### Source data
-=-=-
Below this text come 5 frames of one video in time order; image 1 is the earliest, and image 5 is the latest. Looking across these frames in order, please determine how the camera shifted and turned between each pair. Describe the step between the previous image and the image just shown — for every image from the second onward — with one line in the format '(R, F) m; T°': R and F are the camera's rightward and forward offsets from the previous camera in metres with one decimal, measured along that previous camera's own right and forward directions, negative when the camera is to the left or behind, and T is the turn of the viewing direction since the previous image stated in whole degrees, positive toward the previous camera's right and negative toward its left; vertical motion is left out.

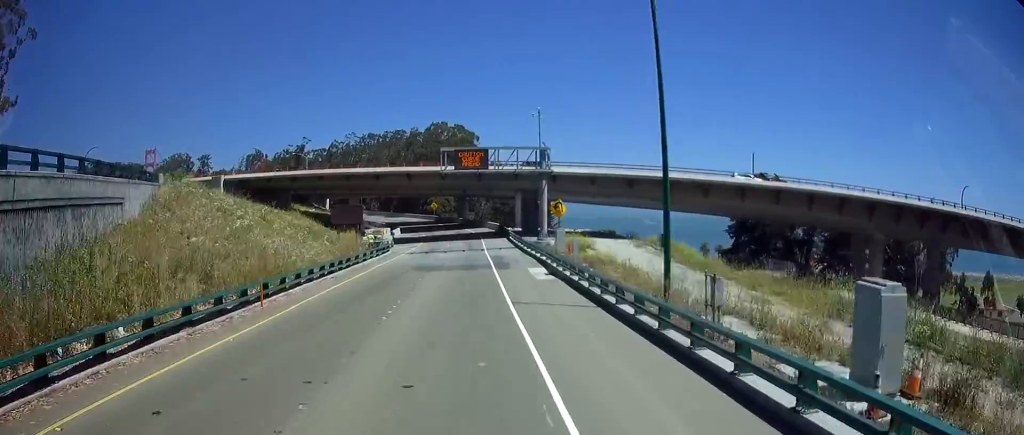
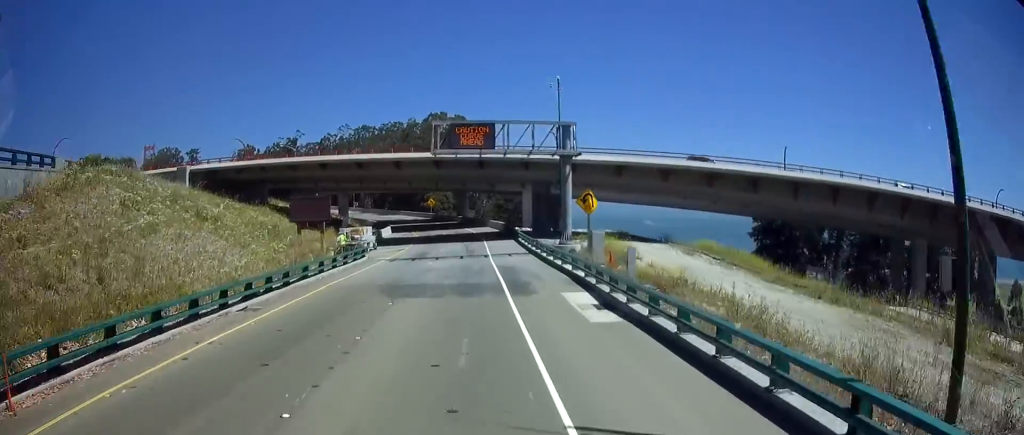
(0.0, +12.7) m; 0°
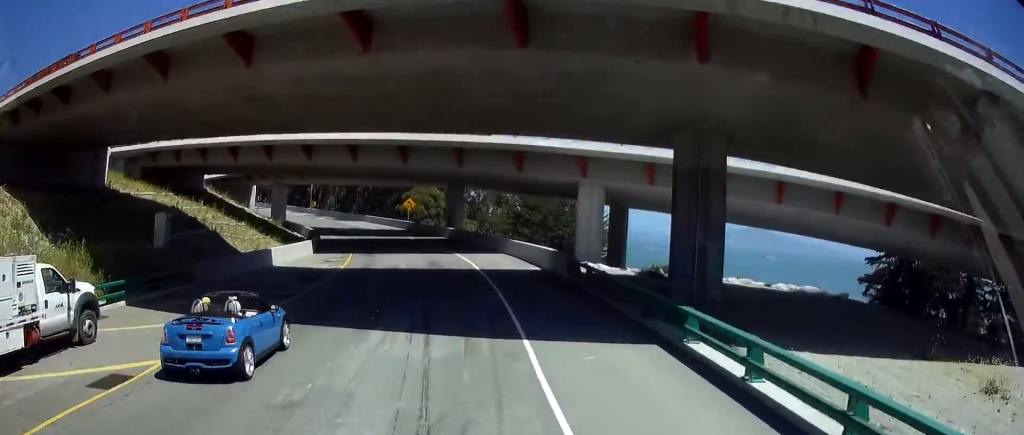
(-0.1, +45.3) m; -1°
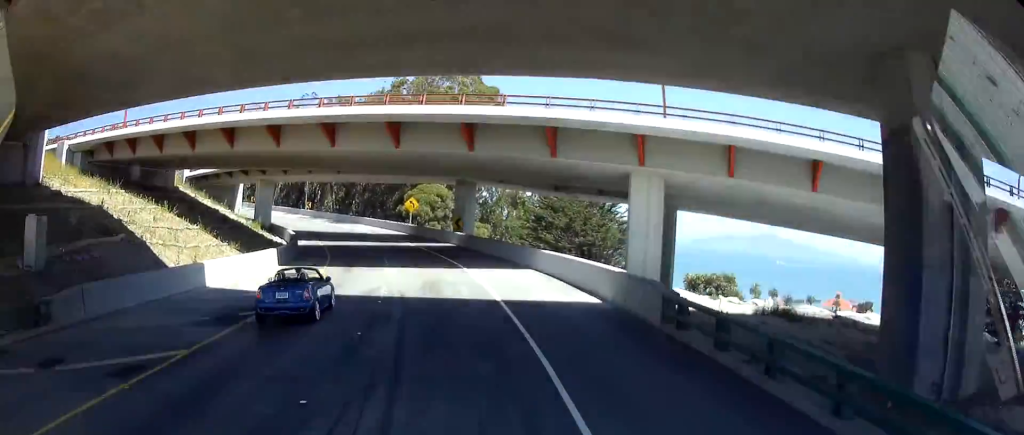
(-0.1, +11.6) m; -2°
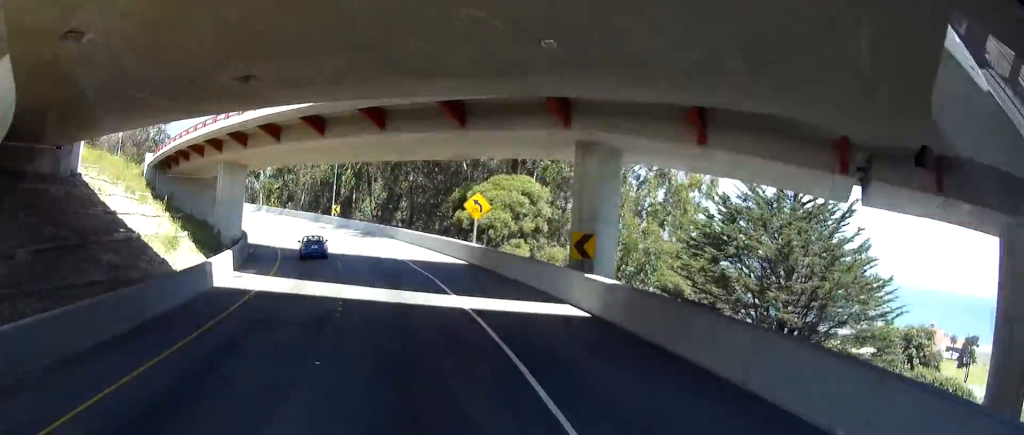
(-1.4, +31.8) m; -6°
-=-=-
Repeat the data word for word. Skip the pictures.

### Worked solution
Below this text come 5 frames of one video in time order; image 1 is the earliest, and image 5 is the latest. Looking across these frames in order, please determine how the camera shifted and turned between each pair. Describe the step between the previous image and the image just shown — for every image from the second onward — with one line in the format '(R, F) m; T°': R and F are the camera's rightward and forward offsets from the previous camera in metres with one decimal, measured along that previous camera's own right and forward directions, negative when the camera is to the left or behind, and T is the turn of the viewing direction since the previous image stated in whole degrees, positive toward the previous camera's right and negative toward its left; vertical motion is left out.

(0.0, +12.7) m; 0°
(-0.1, +45.3) m; -1°
(-0.1, +11.6) m; -2°
(-1.4, +31.8) m; -6°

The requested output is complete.